E, se o criador da psicanálise traz à tona o
inconsciente através dos sonhos adormecidos, a poesia é o sonhar com os olhos
abertos. Arrancar um coração de pedra, reprimido, por um coração de carne,
bradava o profeta Ezequiel. E buscar, como quer Maria Zambrano, a metáfora que
parte das entranhas, com a luz enternecida da poesia. Desde a cavidade escura,
com os olhos do assombro. A víscera secreta e delatora: o coração. A crisálida
noturna liberando as asas das forças que nos inibem através do duplo movimento
da sístole e da diástole. Desde o coração em chamas de Sócrates – e suas
perplexidades – ao coração em chamas dos românticos.
A nobreza da poesia: uma interioridade que se abre. Entrar
para sair.
Dizia-nos Quintana: “Sonhar é acordar para
dentro”. Acordar a interioridade para a diástole do sair, o sangue venoso
libera-se oxigenado pelas artérias da generosidade. E a generosidade não é
estanque, não se fecha em si mesma. E também não é passiva, pois contém a raiva
dos justos. Essa que não aceita o homem como objeto, aviltado e denegrido pela
usura e pela violência, quando não se pode deixar de ver a deformação que a
poesia aclara.
A nobreza do ser humano, consolidar uma comunidade fraterna
do mais belo poema: o bem comum.
A poesia põe sol também no
imperceptível. E compartilha com o leitor esse desdobramento, fazendo-o autor
do iluminado, quando participa do risco da solidão da obra: abrir uma visão de
mundo, criar outras possibilidades, como querem Holderlin e Ricoeur. Sonhar e
sonhar poeticamente, isto é, de olhos abertos, não é apenas uma alternativa
para um grupo restrito de pessoas. É um direito de cada criatura, como o pão e
a moradia, a saúde e a educação, transformando-a em criadora, pois o homem, no
dizer de Bachelard, “é uma criação do desejo, não uma criação da necessidade”.
Ao sonhar com os olhos abertos, imprimimos outro ritmo aos
passos, inauguramos outra atmosfera, respiramos outro ar e somos mais intensos
em tudo o que fazemos. Continuamos seres precários e passageiros, mas
intensificamos o existir, marcamos a efemeridade com mais poesia. A solenidade
do precário. As coisas mais comezinhas são grandiosas, ao perceber a vida em
todas as suas manifestações.
Empédocles de Agrigento apontava como as matrizes do
cosmos, quatro raízes ou elementos primordiais: o ar, a água, a terra, o fogo.
A simpatia humana gera a irmandade dos elementos. E conhecer poeticamente é
transformar, pois o objeto do conhecimento poético sempre está em fluxo, em
devir. A metáfora é um deslocamento de sentido.

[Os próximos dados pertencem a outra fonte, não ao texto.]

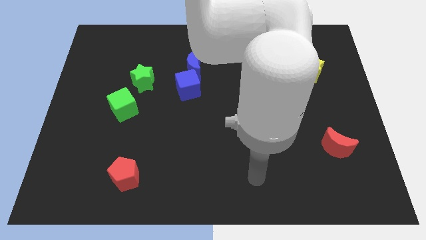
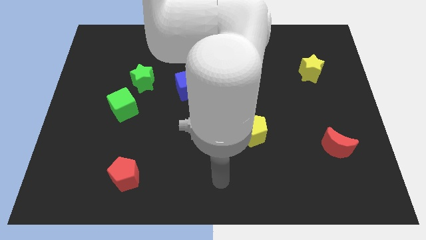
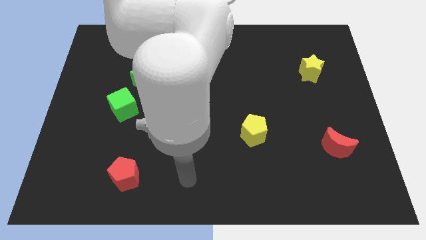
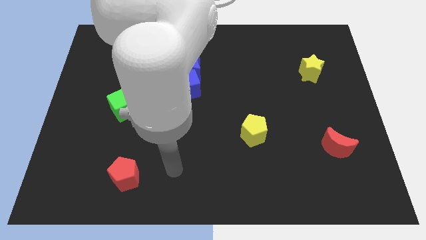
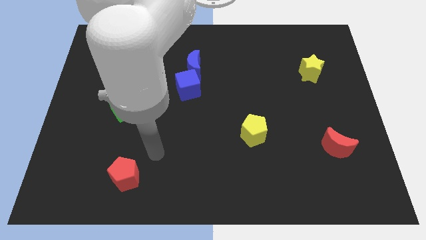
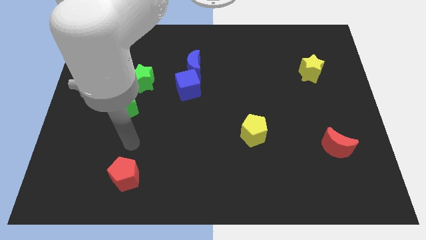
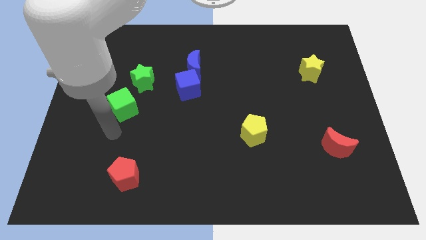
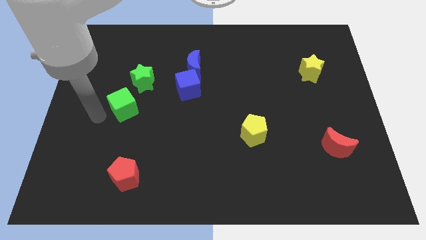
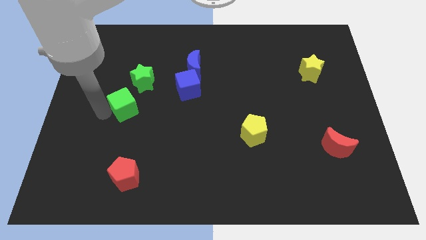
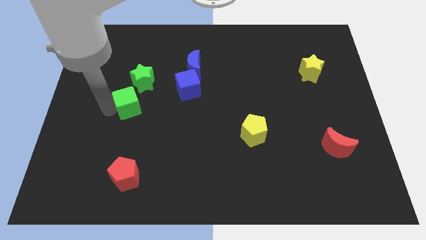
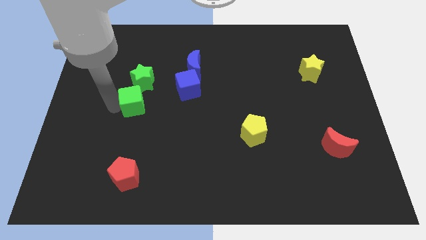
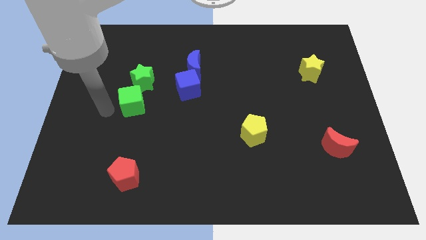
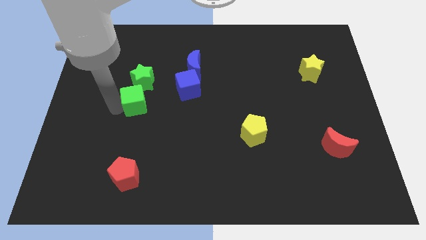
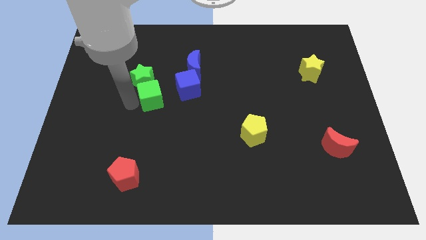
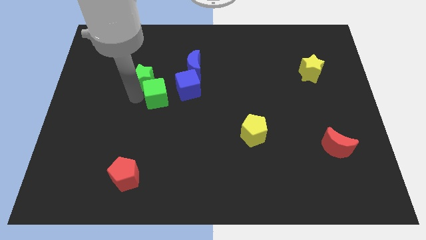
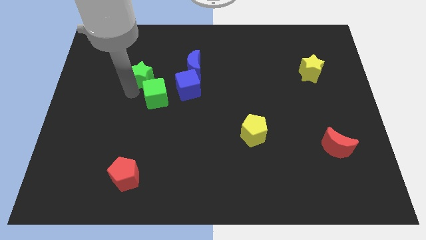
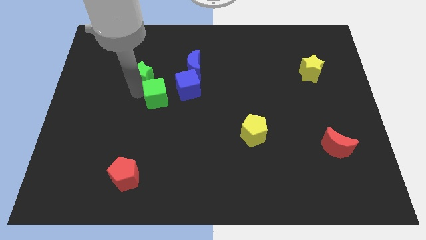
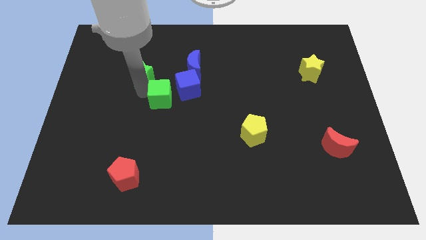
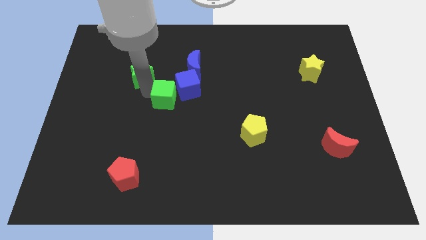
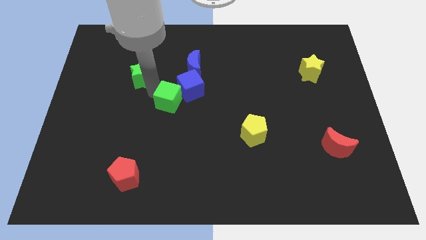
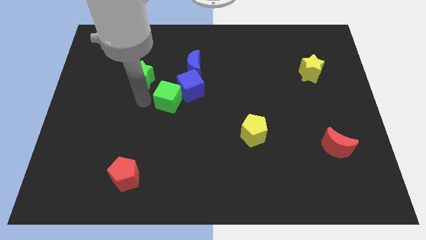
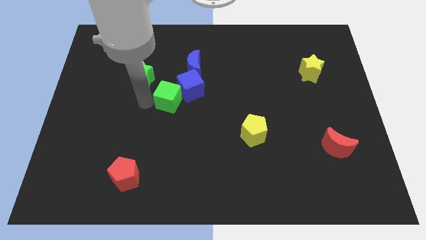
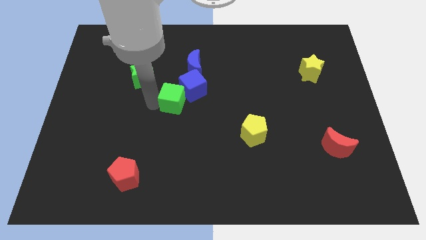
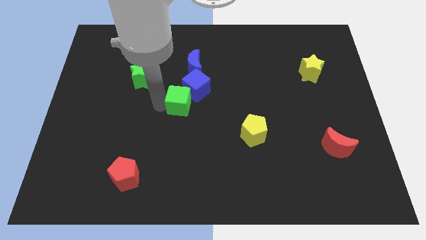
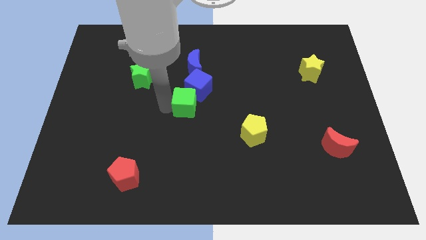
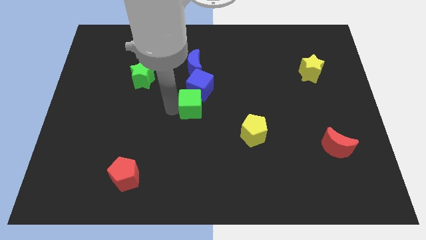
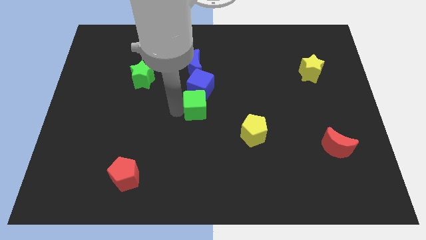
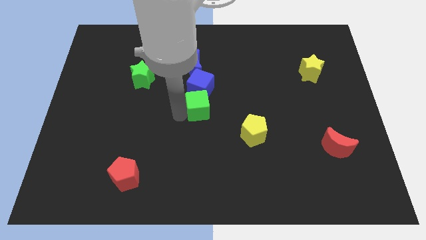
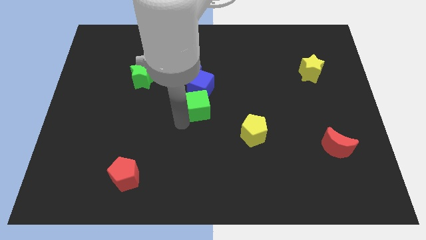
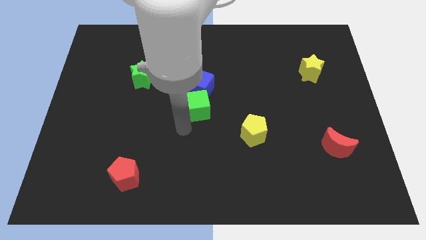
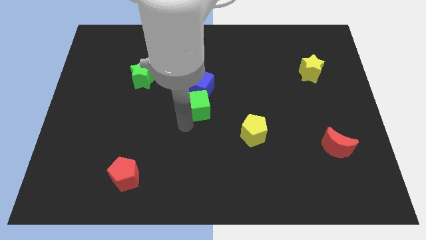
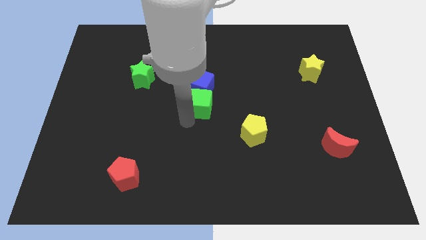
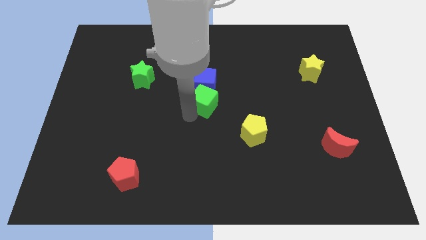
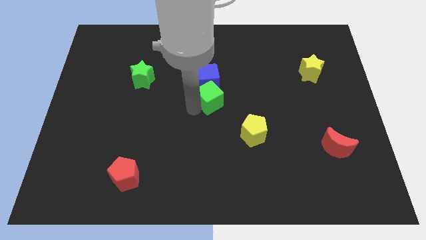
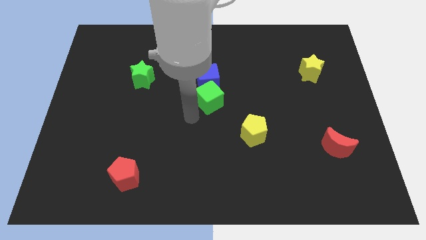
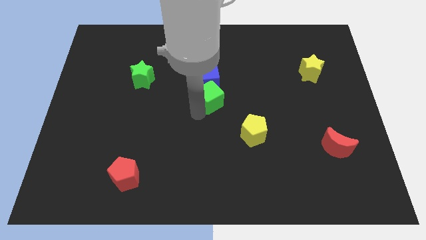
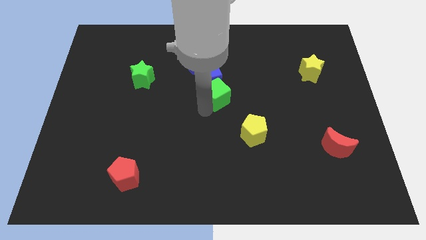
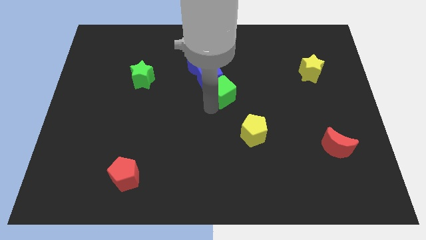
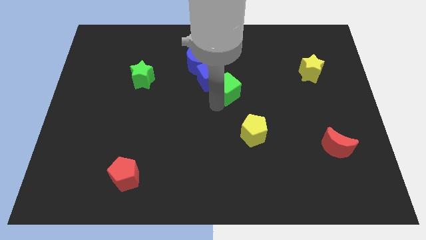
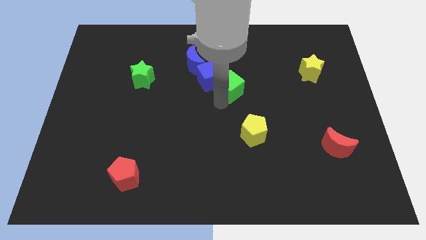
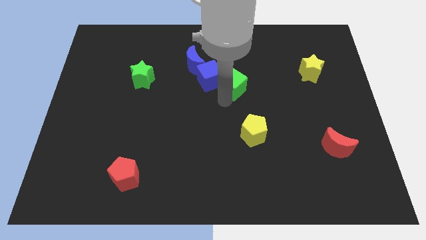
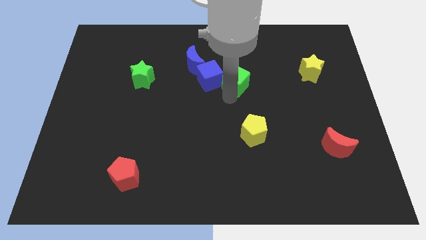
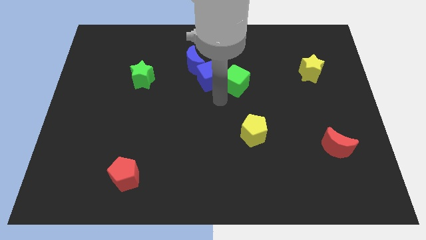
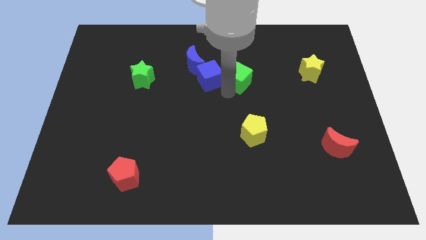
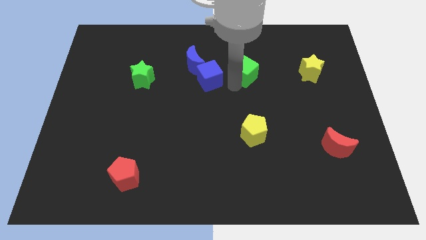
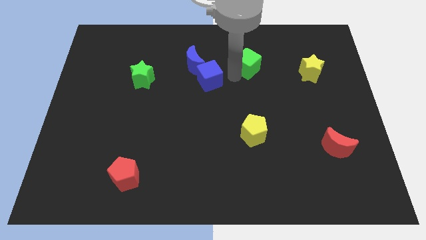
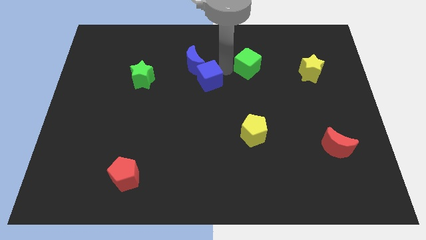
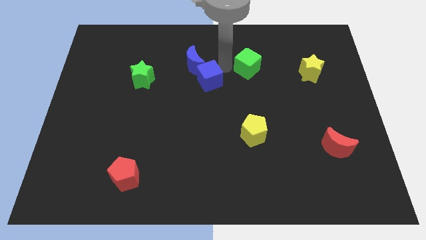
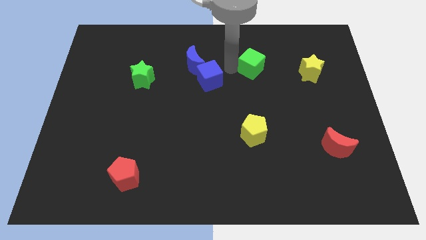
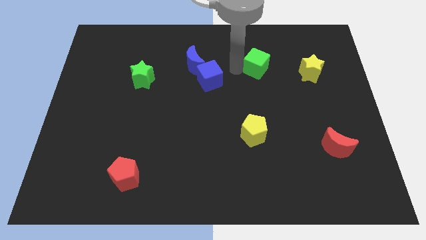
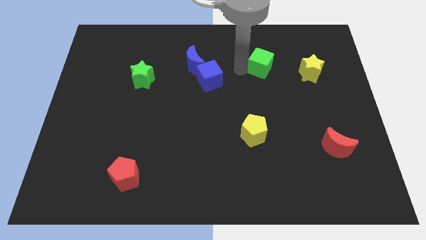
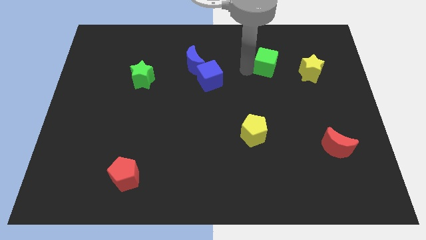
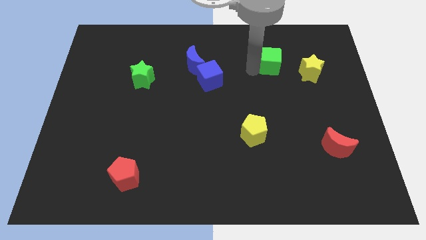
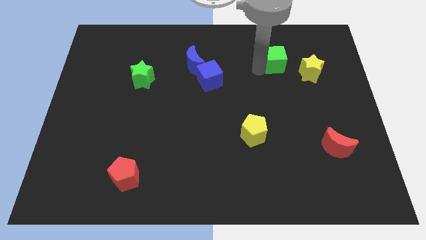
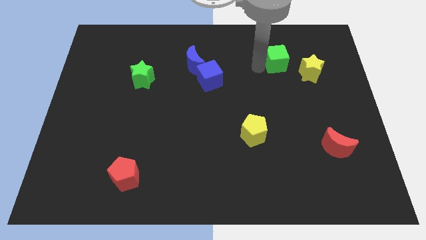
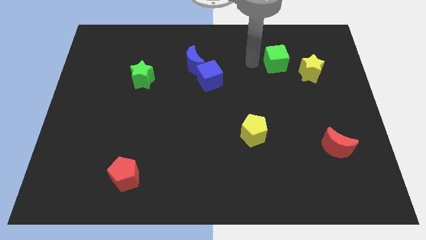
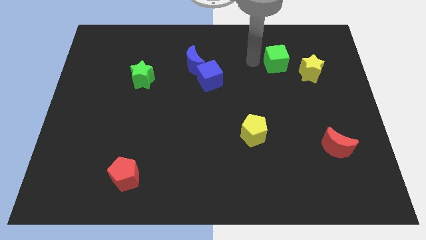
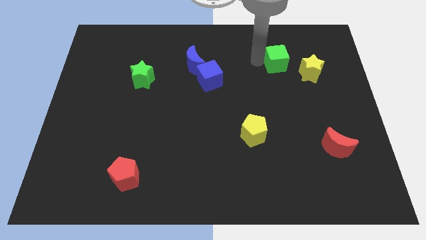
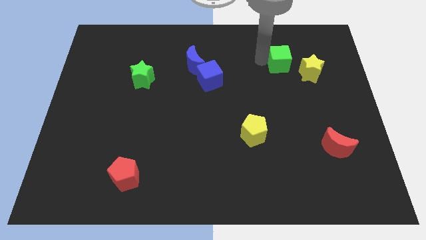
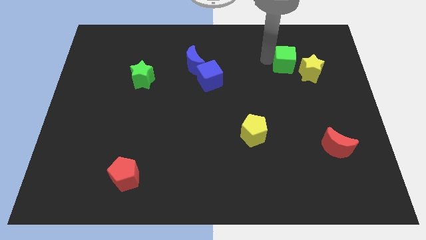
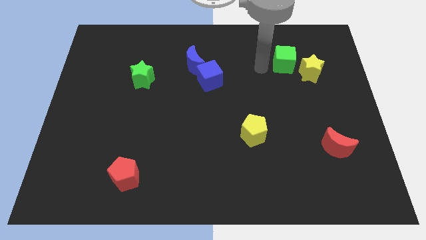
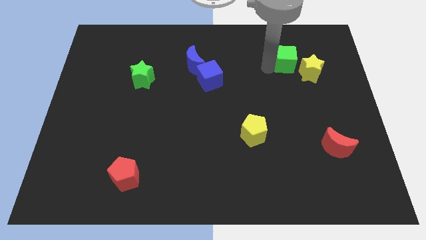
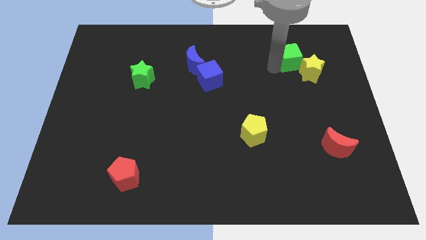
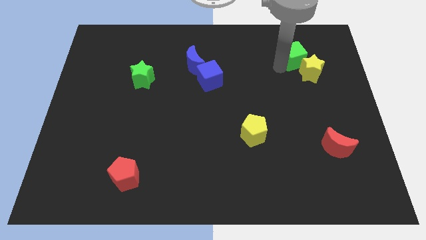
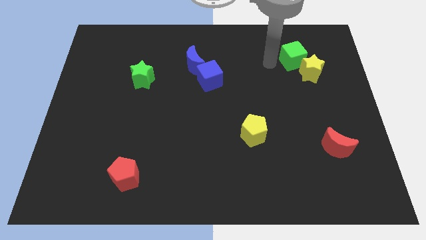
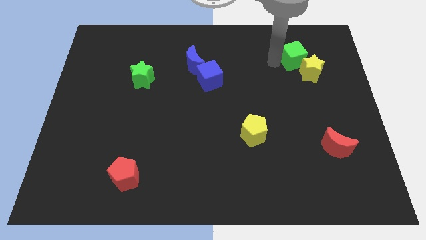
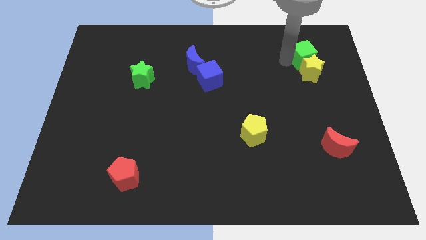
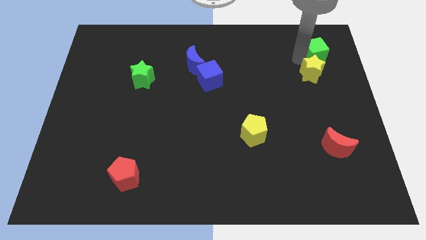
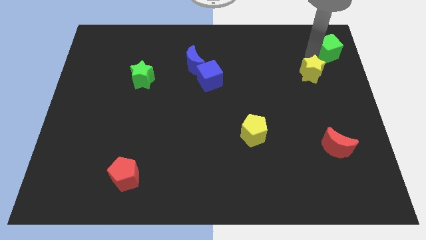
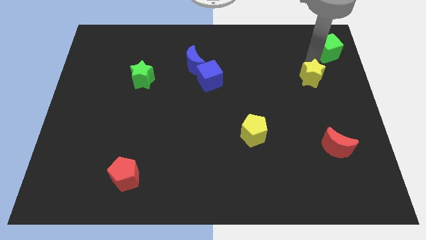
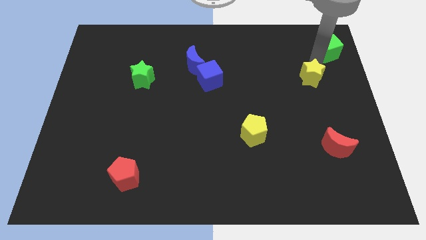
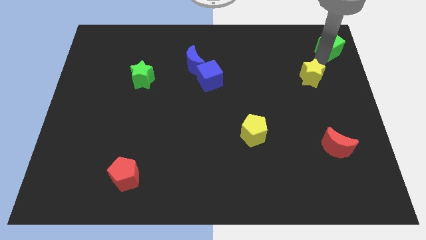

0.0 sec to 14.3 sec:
put the green cube to the top right of the board

O discurso científico verifica
a realidade. A poesia vê o movimento em repouso e o mover-se da quietude. A
beleza ou a sua ausência, a figura e a desfigura, o amor e o desamor,
necessitam de um lento abrir de olhos, um demorar-se, próprio da poesia. A
paciência ardente de Rimbaud, destacada por Neruda em seu discurso ao receber o
Prêmio Nobel. Uma leitura inerte da vida não percebe as alegrias da terra. Como
afirma Miguel de Unamuno: não há maior imaginação do que a realidade. A
realidade sonhada.
Esse liame que a poesia estabelece de poeta a poeta, de
geração a geração, de cidadão a cidadão do mundo, tece uma teia sem dono, cuja
autoria é a própria vida. Assim como houve um livro, apenas um livro a guiar um
povo errante, temos o sonhar acordado inserindo um fragmento na constelação do
desejo para aclarar o firmamento de uma ética comunitária. O poeta sonha e se
despede para o ingresso de outro sonhador. Toda a metáfora é uma trindade: nome
gerando outro nome, rosto despertando outro rosto e o voo da Pomba da Paz.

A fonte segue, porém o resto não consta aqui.